Над памятником мадьяру в немецкой форме подумала я, что хороший мадьяр - мертвый мадьяр. Ведь не лежи здесь он - камнем бы стал мой отец. Вот почему они так лицами похожи. И не было бы меня, с моей уже почти прожитой жизнью, мужчинами моими и нашими детьми.
Я испугалась. Не о папе, о себе испугалась. Ощутила пустоту здесь, рядом, в месте жизни, заполненном судьбой моей. Где бы мы все были, если бы не отец, а - отца? На той, второй мировой.
На базилике, рядом с памятником, видела я распятие, не похожее ни на одно из виденных прежде. На желтой стене вспучивается огромным, беременным животом, во всю стену, крест. И благодаря страшному напряжению тела Иисусова крест не сламывается над лаконичным: 1956.

Помню этот год. Мне пять лет. Папин полк поднят по тревоге. Нас, детей, сажают в теплушку, на солому. Вокзал приграничного городка Унгены. Молдова. Эшелоны направляются на станцию Чоп. Оттуда - с семьями в глубину Союза, воинские эшелоны - на Венгрию.

А где-то еще есть трое детей, того, каменного в немецкой каске, те дети…они могут смотреть на меня - здесь и сейчас, на меня, вечно теперь стоящую под распятием…Из окошек яркого домика, какой из них - красненький, желтенький, голубой - скрывает этих моих побратимов смертью? И не знают они родства нашего.

Опустошенной почувствовала я себя, виноватой. Это место, в Секешвехерваре, вошло в меня новым о себе и о жизни знанием: нет от него защиты! Ни памятью, ни надеждой. Мечтой? Мечтой о Мiре.
Чтобы мiр был во всем Мире всегда. Потому что убитый мадьяр и убивший отец - два солдата, уже сделавших свое дело. Они, тогда, в 1945, и я здесь и сейчас, в 2002…

Уже мой отец умер, и умрем мы, дети солдат второй мировой, и наши дети - их внуки, станут жить дальше, дольше…Хорошо - то как! Пусть будет мир!
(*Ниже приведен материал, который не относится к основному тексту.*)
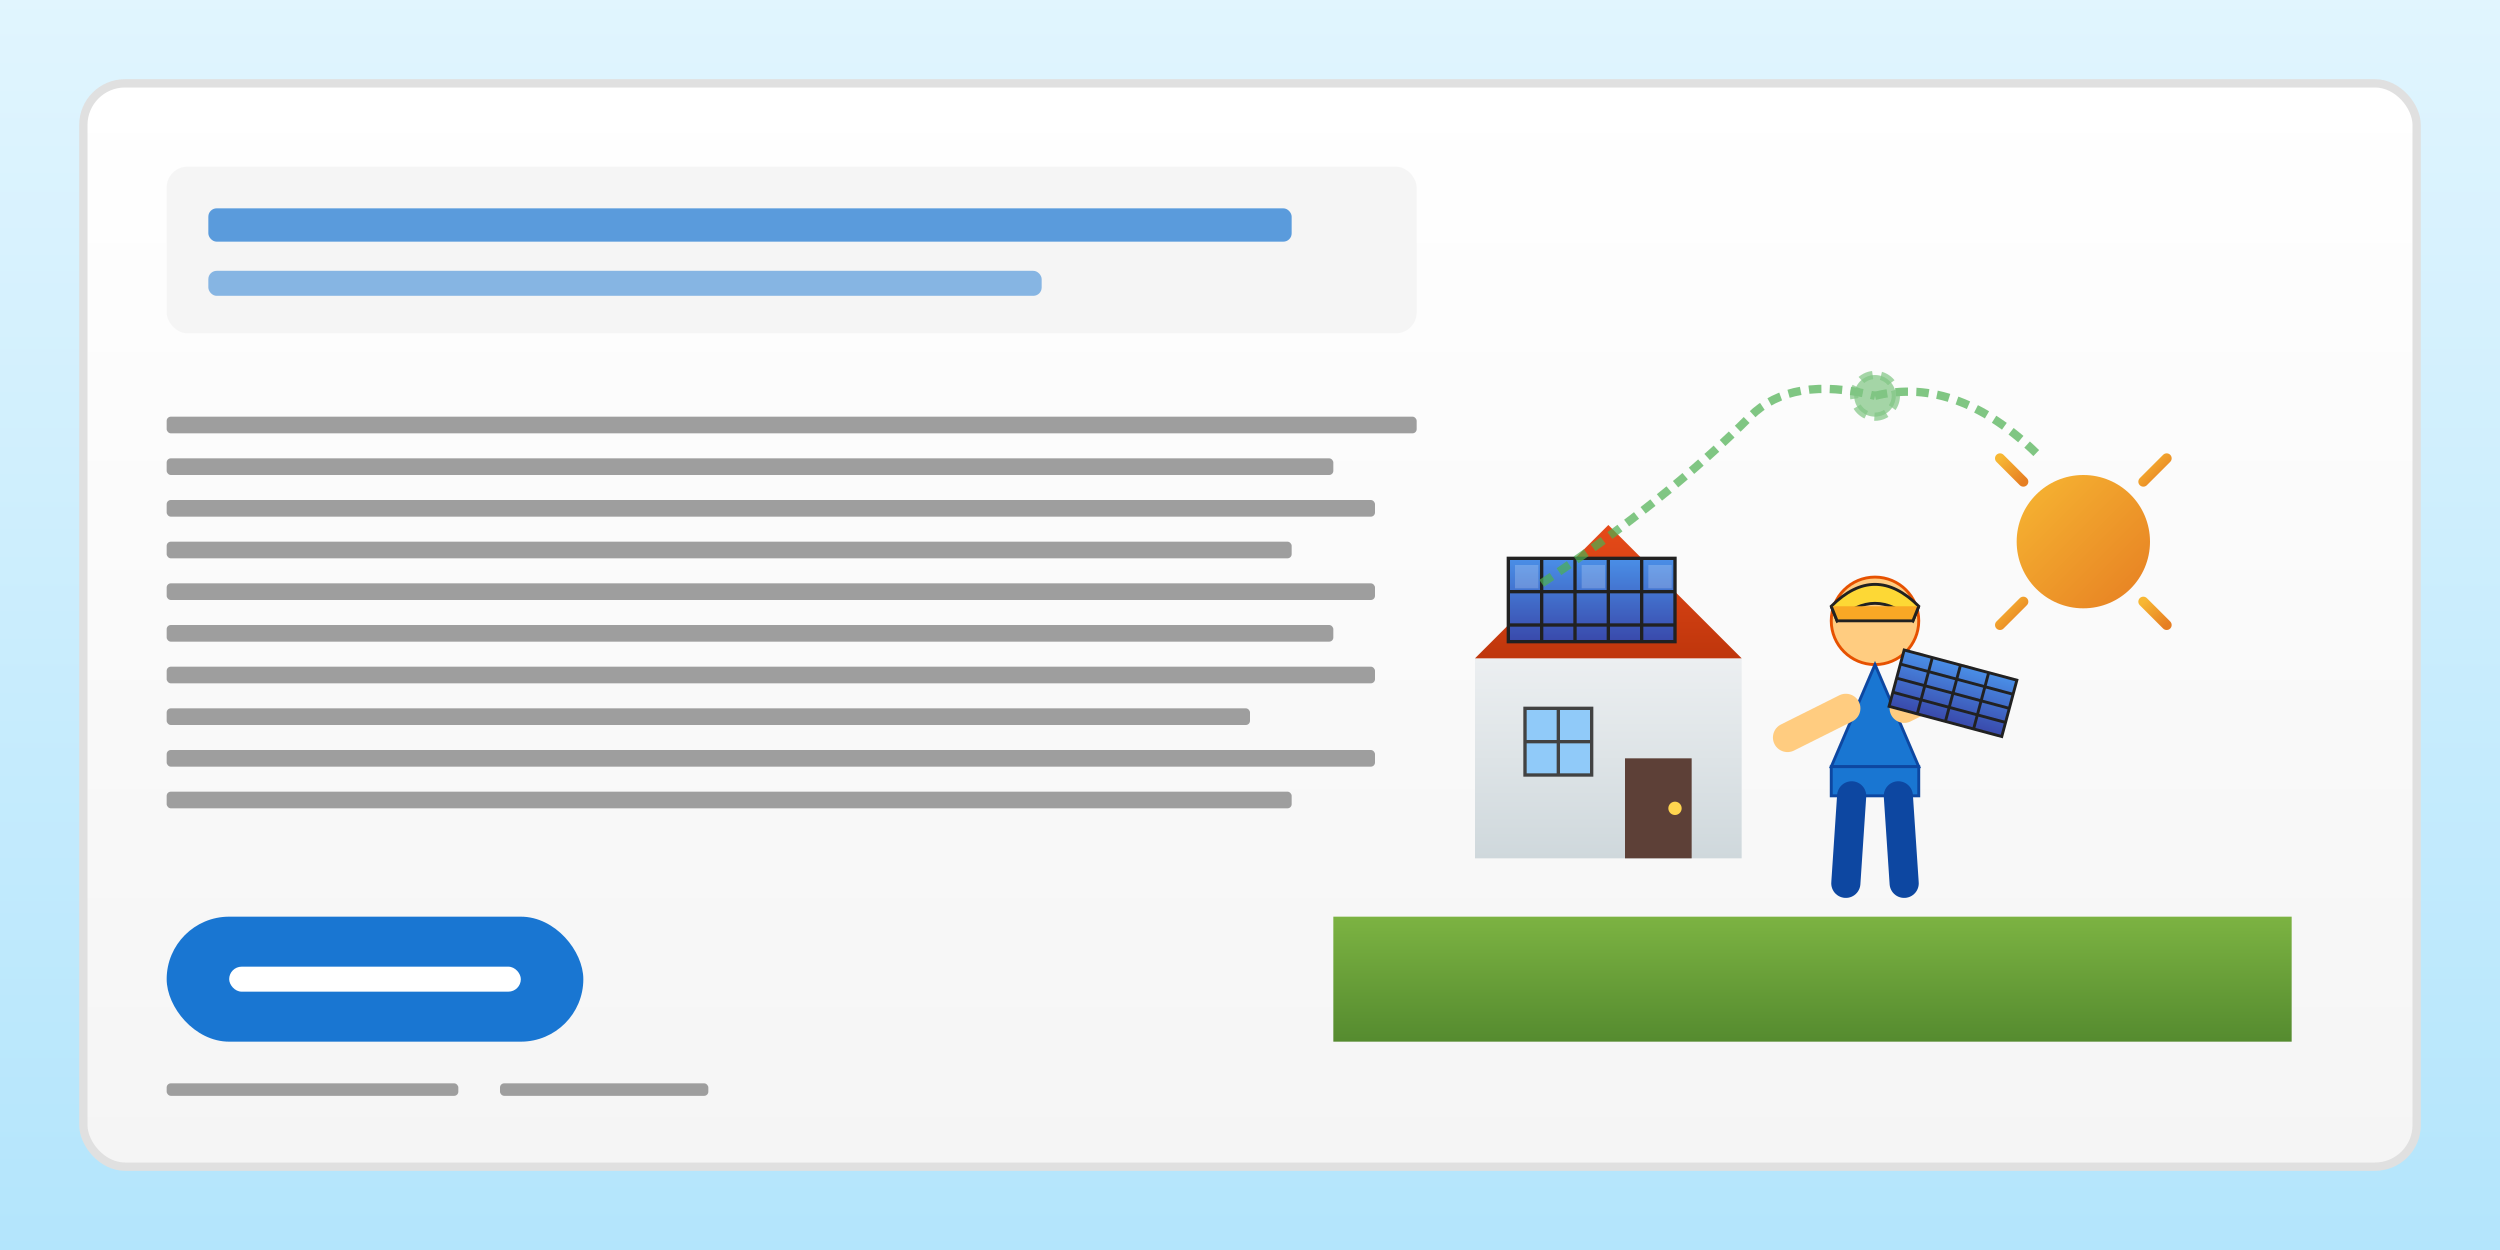 <svg xmlns="http://www.w3.org/2000/svg" width="600" height="300" viewBox="0 0 600 300">
  <rect x="0" y="0" width="600" height="300" fill="#333333" stroke="none"/>
  <defs>
    <linearGradient id="blogBgGradient" x1="0%" y1="0%" x2="0%" y2="100%">
      <stop offset="0%" stop-color="#e1f5fe" />
      <stop offset="100%" stop-color="#b3e5fc" />
    </linearGradient>
    <linearGradient id="cardGradient" x1="0%" y1="0%" x2="0%" y2="100%">
      <stop offset="0%" stop-color="#ffffff" />
      <stop offset="100%" stop-color="#f5f5f5" />
    </linearGradient>
    <linearGradient id="textGradient" x1="0%" y1="0%" x2="0%" y2="100%">
      <stop offset="0%" stop-color="#616161" />
      <stop offset="100%" stop-color="#424242" />
    </linearGradient>
    <linearGradient id="solarPanelGradient" x1="0%" y1="0%" x2="0%" y2="100%">
      <stop offset="0%" stop-color="#4a8fe7" />
      <stop offset="100%" stop-color="#3949ab" />
    </linearGradient>
    <linearGradient id="sunGradient" x1="0%" y1="0%" x2="100%" y2="100%">
      <stop offset="0%" stop-color="#f7b733" />
      <stop offset="100%" stop-color="#e67e22" />
    </linearGradient>
    <linearGradient id="roofGradient" x1="0%" y1="0%" x2="0%" y2="100%">
      <stop offset="0%" stop-color="#e64a19" />
      <stop offset="100%" stop-color="#bf360c" />
    </linearGradient>
    <linearGradient id="houseGradient" x1="0%" y1="0%" x2="0%" y2="100%">
      <stop offset="0%" stop-color="#eceff1" />
      <stop offset="100%" stop-color="#cfd8dc" />
    </linearGradient>
    <linearGradient id="grassGradient" x1="0%" y1="0%" x2="0%" y2="100%">
      <stop offset="0%" stop-color="#7cb342" />
      <stop offset="100%" stop-color="#558b2f" />
    </linearGradient>
  </defs>
  
  <!-- Background -->
  <rect x="0" y="0" width="600" height="300" fill="url(#blogBgGradient)" />
  
  <!-- Blog Article Card -->
  <rect x="20" y="20" width="560" height="260" rx="10" ry="10" fill="url(#cardGradient)" stroke="#e0e0e0" stroke-width="2" />
  
  <!-- Article Title Area -->
  <rect x="40" y="40" width="300" height="40" rx="5" ry="5" fill="#f5f5f5" />
  <rect x="50" y="50" width="260" height="8" rx="2" ry="2" fill="#1976d2" opacity="0.7" />
  <rect x="50" y="65" width="200" height="6" rx="2" ry="2" fill="#1976d2" opacity="0.5" />
  
  <!-- Article Content -->
  <g fill="#9e9e9e">
    <rect x="40" y="100" width="300" height="4" rx="1" ry="1" />
    <rect x="40" y="110" width="280" height="4" rx="1" ry="1" />
    <rect x="40" y="120" width="290" height="4" rx="1" ry="1" />
    <rect x="40" y="130" width="270" height="4" rx="1" ry="1" />
    <rect x="40" y="140" width="290" height="4" rx="1" ry="1" />
    <rect x="40" y="150" width="280" height="4" rx="1" ry="1" />
    <rect x="40" y="160" width="290" height="4" rx="1" ry="1" />
    <rect x="40" y="170" width="260" height="4" rx="1" ry="1" />
    <rect x="40" y="180" width="290" height="4" rx="1" ry="1" />
    <rect x="40" y="190" width="270" height="4" rx="1" ry="1" />
  </g>
  
  <!-- Read More Button -->
  <rect x="40" y="220" width="100" height="30" rx="15" ry="15" fill="#1976d2" />
  <rect x="55" y="232" width="70" height="6" rx="3" ry="3" fill="#ffffff" />
  
  <!-- Solar Installation Illustration -->
  <g transform="translate(400, 150)">
    <!-- Ground -->
    <path d="M-80,70 L150,70 L150,100 L-80,100 Z" fill="url(#grassGradient)" />
    
    <!-- House -->
    <g transform="translate(-30, 0) scale(0.8)">
      <!-- Main Structure -->
      <rect x="-20" y="10" width="80" height="60" fill="url(#houseGradient)" />
      
      <!-- Roof -->
      <polygon points="-20,10 20,-30 60,10" fill="url(#roofGradient)" />
      
      <!-- Solar Panels on Roof -->
      <g>
        <rect x="-10" y="-20" width="50" height="25" fill="url(#solarPanelGradient)" stroke="#212121" stroke-width="1" />
        
        <!-- Panel Grid Lines -->
        <line x1="-10" y1="-10" x2="40" y2="-10" stroke="#212121" stroke-width="1" />
        <line x1="-10" y1="0" x2="40" y2="0" stroke="#212121" stroke-width="1" />
        
        <line x1="0" y1="-20" x2="0" y2="5" stroke="#212121" stroke-width="1" />
        <line x1="10" y1="-20" x2="10" y2="5" stroke="#212121" stroke-width="1" />
        <line x1="20" y1="-20" x2="20" y2="5" stroke="#212121" stroke-width="1" />
        <line x1="30" y1="-20" x2="30" y2="5" stroke="#212121" stroke-width="1" />
        
        <!-- Panel Reflections -->
        <rect x="-8" y="-18" width="7" height="7" fill="#ffffff" opacity="0.2" />
        <rect x="12" y="-18" width="7" height="7" fill="#ffffff" opacity="0.2" />
        <rect x="32" y="-18" width="7" height="7" fill="#ffffff" opacity="0.2" />
      </g>
      
      <!-- Window -->
      <rect x="-5" y="25" width="20" height="20" fill="#90caf9" stroke="#424242" stroke-width="1" />
      <line x1="5" y1="25" x2="5" y2="45" stroke="#424242" stroke-width="1" />
      <line x1="-5" y1="35" x2="15" y2="35" stroke="#424242" stroke-width="1" />
      
      <!-- Door -->
      <rect x="25" y="40" width="20" height="30" fill="#5d4037" />
      <circle cx="40" cy="55" r="2" fill="#ffd54f" />
    </g>
    
    <!-- Sun -->
    <g transform="translate(100, -20) scale(0.8)">
      <circle cx="0" cy="0" r="20" fill="url(#sunGradient)" />
      
      <!-- Sun Rays -->
      <g stroke="url(#sunGradient)" stroke-width="3" stroke-linecap="round">
        <line x1="0" y1="-25" x2="0" y2="-35" />
        <line x1="0" y1="25" x2="0" y2="35" />
        <line x1="-25" y1="0" x2="-35" y2="0" />
        <line x1="25" y1="0" x2="35" y2="0" />
        <line x1="-18" y1="-18" x2="-25" y2="-25" />
        <line x1="18" y1="18" x2="25" y2="25" />
        <line x1="-18" y1="18" x2="-25" y2="25" />
        <line x1="18" y1="-18" x2="25" y2="-25" />
      </g>
    </g>
    
    <!-- Solar Installer -->
    <g transform="translate(50, 20) scale(0.7)">
      <!-- Person -->
      <circle cx="0" cy="-30" r="15" fill="#ffcc80" stroke="#e65100" stroke-width="1" /> <!-- Head -->
      
      <!-- Hard Hat -->
      <path d="M-15,-35 Q0,-50 15,-35 L13,-30 Q0,-42 -13,-30 Z" fill="#fdd835" stroke="#212121" stroke-width="1" />
      <path d="M-15,-35 L-13,-30 L13,-30 L15,-35" fill="#f9a825" stroke="#212121" stroke-width="1" />
      
      <!-- Body -->
      <path d="M0,-15 L-15,20 L15,20 Z" fill="#1976d2" stroke="#0d47a1" stroke-width="1" />
      <rect x="-15" y="20" width="30" height="10" fill="#1976d2" stroke="#0d47a1" stroke-width="1" />
      
      <!-- Arms -->
      <path d="M-10,0 L-30,10" stroke="#ffcc80" stroke-width="10" stroke-linecap="round" />
      <path d="M10,0 L30,-10" stroke="#ffcc80" stroke-width="10" stroke-linecap="round" />
      
      <!-- Legs -->
      <path d="M-8,30 L-10,60" stroke="#0d47a1" stroke-width="10" stroke-linecap="round" />
      <path d="M8,30 L10,60" stroke="#0d47a1" stroke-width="10" stroke-linecap="round" />
      
      <!-- Solar Panel being installed -->
      <g transform="translate(10, -20) rotate(15)">
        <rect x="0" y="0" width="40" height="20" fill="url(#solarPanelGradient)" stroke="#212121" stroke-width="1" />
        
        <!-- Panel Grid Lines -->
        <line x1="0" y1="5" x2="40" y2="5" stroke="#212121" stroke-width="1" />
        <line x1="0" y1="10" x2="40" y2="10" stroke="#212121" stroke-width="1" />
        <line x1="0" y1="15" x2="40" y2="15" stroke="#212121" stroke-width="1" />
        
        <line x1="10" y1="0" x2="10" y2="20" stroke="#212121" stroke-width="1" />
        <line x1="20" y1="0" x2="20" y2="20" stroke="#212121" stroke-width="1" />
        <line x1="30" y1="0" x2="30" y2="20" stroke="#212121" stroke-width="1" />
      </g>
    </g>
    
    <!-- Energy Flow Visualization -->
    <g stroke="#4caf50" stroke-width="2" stroke-dasharray="3,2" opacity="0.7">
      <path d="M-30,-10 Q0,-30 20,-50 Q30,-60 50,-55" fill="none" />
      <path d="M50,-55 Q70,-60 90,-40" fill="none" />
      <circle cx="50" cy="-55" r="5" fill="#4caf50" opacity="0.7" />
    </g>
  </g>
  
  <!-- Date and Author -->
  <rect x="40" y="260" width="70" height="3" rx="1" ry="1" fill="#9e9e9e" />
  <rect x="120" y="260" width="50" height="3" rx="1" ry="1" fill="#9e9e9e" />
</svg>

Я трогаю, глажу отцовский пистолет, из которого мадьярская женщина не убила моего отца, убившего мужа и отца ее детей…
Он долго лежал под моей подушкой. Спустя годы после той трагической военной истории - я поняла, что надо мне сделать с ним. Я провезла его через таможенные границы, и, просверлив в стволе сквозную дырку, подарила любимому. А себе на память оставила обойму. Она всегда со мной, вместе с шомполом для чистки ствола.

И вот я опять приехала в Венгрию. И отправилась автобусом из Будапешта в Секешвехервар.

На игрушечной площади, чуть свернув в сторону, чтобы не смотрел на меня отовсюду тот самый чердак, ярко-желтая, сверкающая в солнечных лучах базилика приковала меня: два обнаженных бронзовых тела в позах римских легионеров и в фашистских касках смотрели с фронтона храма. А перед ними на ступенях лежал окаменевший мадьяр в солдатских обмотках. Носки каменных ботинок смотрели в небо.
А из неба смотрела я, десятилетняя, испуганная. Из того времени смотрела, когда захотела побывать в этих, с боями пройденными отцом местах.
Вот я вижу его точеные и знакомые черты, и знаю, что это его, отцовские скулы - на мадьярском каменном лице.
Это тот, кого убил мой папа. Вот почему они так похожи друг на друга.
Я поцеловала каменное лицо.
Я нашла своего мадьяра, не успевшего убить меня.


11 апреля 2001 - 10 апреля 2002 - 28 января 2003гг.
Будапешт - Секешвехервар - Москва.


Оля, тебе удалось достоверно показать, как пустота оборачивается наполненностью, а смерть-оборотень в другом месте вспыхивает новой жизнью. Очень много сказано в коротенькой новелле, не случайно novel - переводится как "роман". Эта новелла многих романов стоит!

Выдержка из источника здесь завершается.